How Broadcast Lessons Work

As part of a membership with us, students get access to broadcast lessons every weekday afternoon. Students can do as many or as few as they want, and they're a great way for excited students to do more. They're designed for students to come when it fits their schedule and interest level, and so it's okay to come every week, or only once in a while.

Broadcast lessons typically have 50-100 students and we have a different theme every afternoon. Even though they're called "broadcasts" and only the coach (usually!) is on video and audio, the lessons are highly participatory, and students answer questions through the chat. The coach gives feedback in real time. A student's questions and answers are only visible to the coach, so that each student can think independently, and come up with their own ideas.

The broadcasts also are meant to help build a sense of community for the students - many of them have some sort of call-in radio style component, where students send in their games, checkmates, or mistakes, and students get to learn from each other.

Mondays: Blunder Busters 

A big mistake in a chess game is called a blunder. The goal of Blunder Busters with coach Luke is to help beginners see blunders and avoid them! Blunder Busters is a broadcast lesson for beginners who are comfortable with the rules, especially players at the Knights, Bishops, or Rooks level.

Tactics Tuesday

A tactic in chess is a short sequence of moves, usually with the idea of winning some of the other players pieces. The simplest and most common example is a fork (or double-attack) where with one move you attack two of the other player's pieces, and they can't save them both. Tactics like forks, pins and discoveries are fundamental building blocks and are crucial to being a strong chess player. Tactics Tuesday is a short broadcast lesson focused on different tactics. The lesson is 20-25 minutes, followed by a quick demonstration of how to join our 5:00PM tournament!

This broadcast is for all skill levels! The tactics will start easy every Tuesday and get harder, so that the last one each week will be a challenge for even our most advanced students.

Wednesdays: Why the Winners Won

During Why the Winners Won Coach Luke looks at actual games played by Silver Knights students in our online tournaments. The games are not perfectly played but they are often perfect learning opportunities. As the coach, Luke tries to collect examples illustrating how good tactics and technique were used to win games. Sometimes, we even find examples where the winner perhaps should not have won after all! Learning from your own games and the games of your peers is one of the very best ways to improve at chess! It's also a way to applaud students and to build a little community.

This broadcast is meant for students at the Rooks, Queens, or Kings level.

Bonus: Every week, the broadcast is followed by a mini-tournament where students learn and try out a new opening!

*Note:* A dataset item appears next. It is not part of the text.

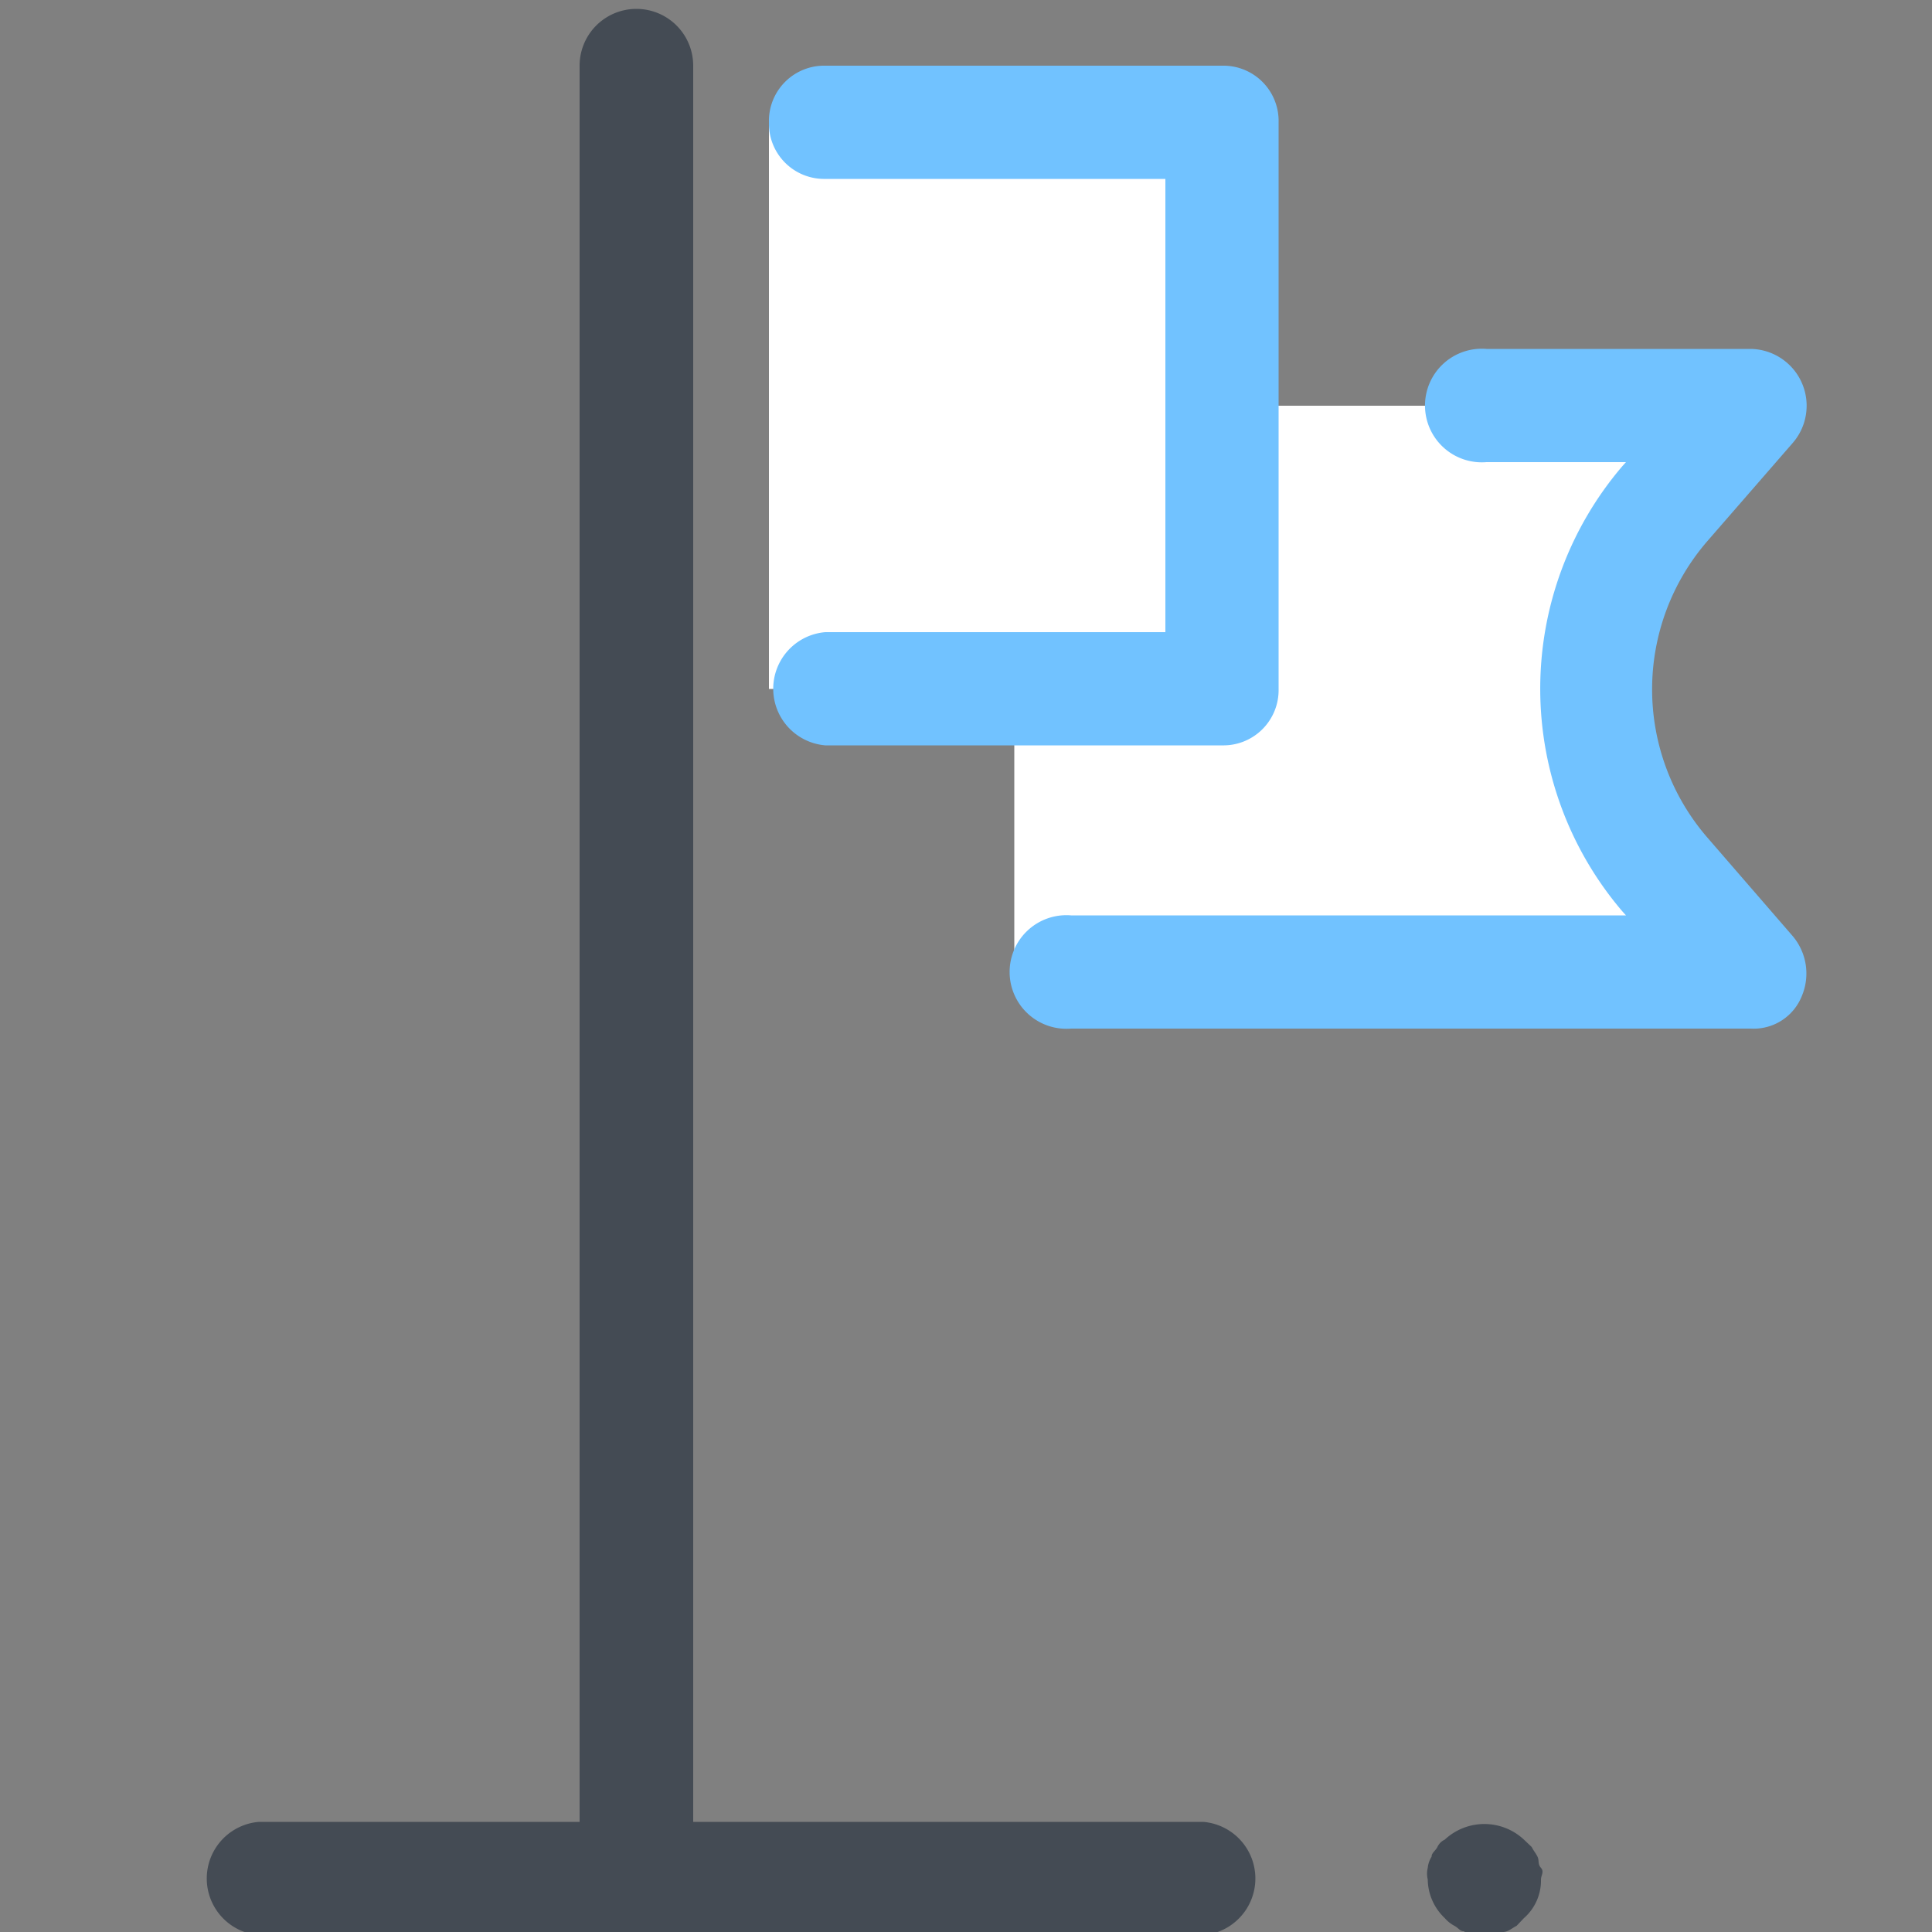 <svg id="Layer_1" data-name="Layer 1" xmlns="http://www.w3.org/2000/svg" viewBox="0 0 50 50"><rect x="0" y="0" width="50" height="50" fill="#808080" stroke="none"/><defs><style>.cls-1{fill:#fff}.cls-2{fill:#71c2ff}</style></defs><path class="cls-1" d="M26.25 25.16h19.06l-2.2-2.54a7.3 7.3 0 010-9.58l2.2-2.54H26.25z"/><path class="cls-1" d="M19.9 3.17h11.73v14.66H19.9z"/><path class="cls-2" d="M31.63 19.29H21.36a1.47 1.47 0 010-2.93h8.8V4.63h-8.8a1.43 1.43 0 01-1.46-1.46 1.43 1.43 0 011.46-1.47h10.27a1.43 1.43 0 011.46 1.47v14.66a1.43 1.43 0 01-1.46 1.46z"/><path class="cls-2" d="M45.31 26.62H27.72a1.47 1.47 0 110-2.93h14.36l-.09-.1a8.87 8.87 0 010-11.53l.09-.1h-3.61a1.47 1.47 0 110-2.93h6.84a1.47 1.47 0 011.08 2.44L44.19 14a5.86 5.86 0 000 7.68l2.2 2.54a1.5 1.5 0 01.24 1.56 1.34 1.34 0 01-1.32.84z"/><path d="M38.47 50.08a.58.58 0 01-.29 0 .71.71 0 01-.3-.1c-.1 0-.14-.09-.24-.14a.88.88 0 01-.25-.2 1.4 1.4 0 01-.44-1 .63.63 0 010-.3.67.67 0 01.1-.29c0-.1.1-.15.15-.25a.39.39 0 01.19-.19 1.5 1.5 0 012.05 0l.2.19c.05.1.1.15.15.25s0 .19.09.29 0 .2 0 .3a1.29 1.29 0 01-.44 1l-.19.2c-.1.05-.15.1-.25.14s-.19 0-.29.1a.93.93 0 01-.24 0zm-7.33-2.93h-13.2V1.7a1.47 1.47 0 10-2.94 0v45.45H6.7a1.47 1.47 0 000 2.93h24.44a1.47 1.47 0 000-2.93z" fill="#444b54"/></svg>

Thursdays: Checkmate Challenge

Checkmating is how you win games of chess! Improving at checkmating and recognizing the patterns is a big part of getting better. Every Thursday Coach Daniel teaches the Checkmate Challenge where students find 10-15 checkmates from our students' games. It's a great way to build skill and recognize students successes, whether a Knights student getting their first checkmate, or a Kings student finding a checkmate in 5. Checkmate in five means calculating (for the white player) white moves black moves white moves black moves white moves black moves white moves black moves white moves and... checkmate!

The rhythm of the class is that there's a position, students try to solve the checkmate, and then the player who played the game jumps on the broadcast to show everyone where they went.

 

Chess Champion of the Month
Every Friday we do a class where we learn from the games of a great chess player, followed by a tournament. This is a great way to learn chess, because it packages complicated ideas, simple ideas, and storytelling together. Learning a bishop trap is useful. Learning a bishop trap packaged with the story that end the first game of his world championship match Bobby Fischer fell into it, and was so distraught he covered his eyes and then peaked out through his fingers in horror?

Well that's probably going to be a little more memorable.

To date, we've looked at the games of Bobby Fischer (first/only American world champion), Judit Polgar (best female and best young player ever), Alexander Alekhine (former world champion), Sam Shankland (2018 US Champion), and Mikhail Tal (former world champion), and Stuart Rachels, winner of the greatest upset in US Championships history. We've even had some of the players we've followed (Judit and Sam) come at the end to teach a lesson of their own! Stuart is coming in April.

This is a broadcast is meant for students at the Rooks, Queens, and Kings level small group classes.